First, let's import the DB tables we will work on (usually the Target and Run tables)

In [2]:
from processing.process.models import Target, Run

We then have to get the target (could be a run, see below) we would like to modify in the DB. 

**Note**: the selected target (G27-45) hasn't been observed by SNfactory but by an other PI (Willman), so it is quite safe to interactively change some of its values, as loong as we change them back at the end of the example session. 

In [64]:
tg = Target.objects.get(Name='G27-45')
print tg.Name, tg.Kind, tg.Type, tg.PI

G27-45 unkonwn NotSnf Willman


To modify the Kind or Type (or any other values) of this target in the DB, simply change them in your ipython first, and save them in the DB

In [47]:
tg.Kind = 'NewKind'
tg.Type = 'NewType'
tg.save()

Now check that the changes have been correctly saved in the DB

In [48]:
tg = Target.objects.get(Name='G27-45')
print tg.Name, tg.Kind, tg.Type

G27-45 NewKind NewType


And changed them back to their original values (you won't change them back in the real life)

In [49]:
tg.Kind = 'unkonwn'
tg.Type = 'NotSnf'
tg.save()
tg = Target.objects.get(Name='G27-45')
print tg.Name, tg.Kind, tg.Type

G27-45 unkonwn NotSnf


**Note**: You can use `Target.objects.filter(Name__in='SOMEPATTERN')` or `__regex`, `__contains`, `__startswith` to get several targets in case you want to apply the same type of modifications to a serie of targets.
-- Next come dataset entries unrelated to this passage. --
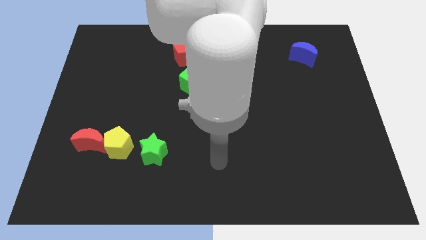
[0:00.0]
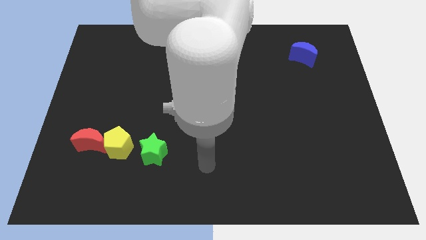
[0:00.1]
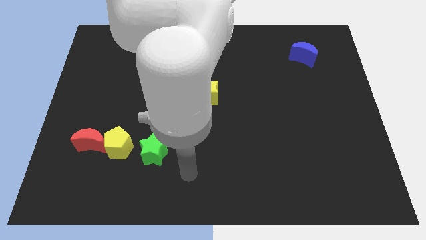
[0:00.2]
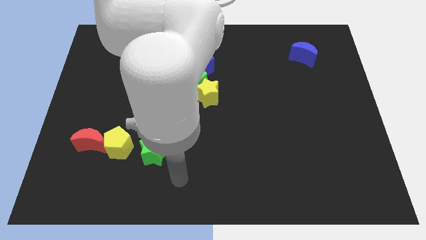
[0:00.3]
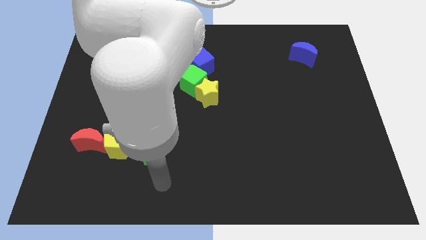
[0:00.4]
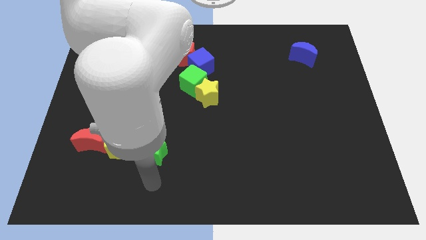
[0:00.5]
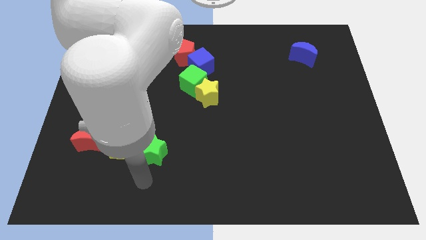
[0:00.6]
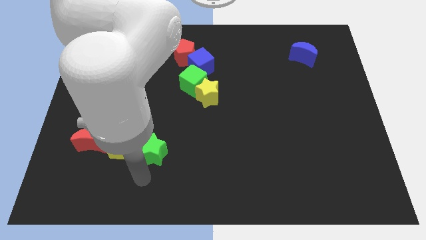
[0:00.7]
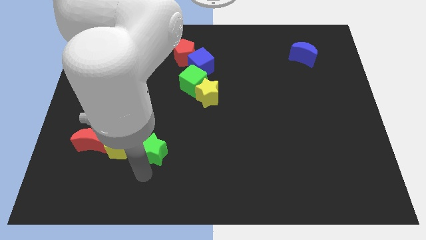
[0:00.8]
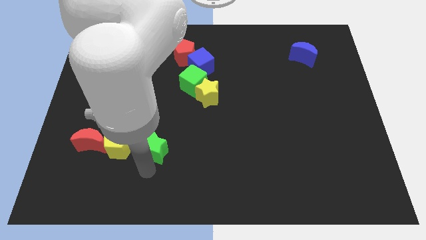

See the [DB data access](DataAccess.html#from-the-db) section for examples of more comple queries.

### Change a Run.Kind

Any table can be changed using the same scheme. For example, you can apply the same method and change the Run.Kind for all runs of the above target by looping on the runs (but we will only change one of them in this example)

In [56]:
for r in tg.Runs_FK.all():
    print r.IdRun, r.Kind, r.Type

8255097 unkonwn PHOTO
8255098 unkonwn PHOTO
8255064 unkonwn ACQUISITION
8255065 unkonwn PHOTO
8255066 unkonwn PHOTO
8255067 unkonwn PHOTO
8255068 unkonwn PHOTO
8255069 unkonwn PHOTO
8255092 unkonwn ACQUISITION
8255093 unkonwn ACQUISITION
8255094 unkonwn PHOTO
8255095 unkonwn PHOTO
8255096 unkonwn PHOTO


To change one of them

In [57]:
r = Run.objects.get(IdRun=8255098)
print r.IdRun, r.TargetId_FK.Name, r.Kind

8255098 G27-45 unkonwn


In [58]:
r.Kind = 'NewRunKind'
print r.Kind
r.save()

NewRunKind


And then make sure it has been saved in the DB

In [59]:
for r in tg.Runs_FK.all():
    print r.IdRun, r.Kind, r.Type

8255097 unkonwn PHOTO
8255098 NewRunKind PHOTO
8255064 unkonwn ACQUISITION
8255065 unkonwn PHOTO
8255066 unkonwn PHOTO
8255067 unkonwn PHOTO
8255068 unkonwn PHOTO
8255069 unkonwn PHOTO
8255092 unkonwn ACQUISITION
8255093 unkonwn ACQUISITION
8255094 unkonwn PHOTO
8255095 unkonwn PHOTO
8255096 unkonwn PHOTO


And of course, change it back to its original value and save it, since we do not really want to change anything in this example

In [60]:
r = Run.objects.get(IdRun=8255098)
print r.IdRun, r.TargetId_FK.Name, r.Kind

8255098 G27-45 NewRunKind


In [61]:
r.Kind = 'unkonwn'
r.save()

And check again before leaving this example

In [62]:
r = Run.objects.get(IdRun=8255098)
print r.IdRun, r.TargetId_FK.Name, r.Kind

8255098 G27-45 unkonwn


You can of course do that while looping on the list of runs for a given target (`tg.Run_FK.all()`), but be carful to always check what you have changed locally before saving anything in the DB, i.e., before applying the `.save()`.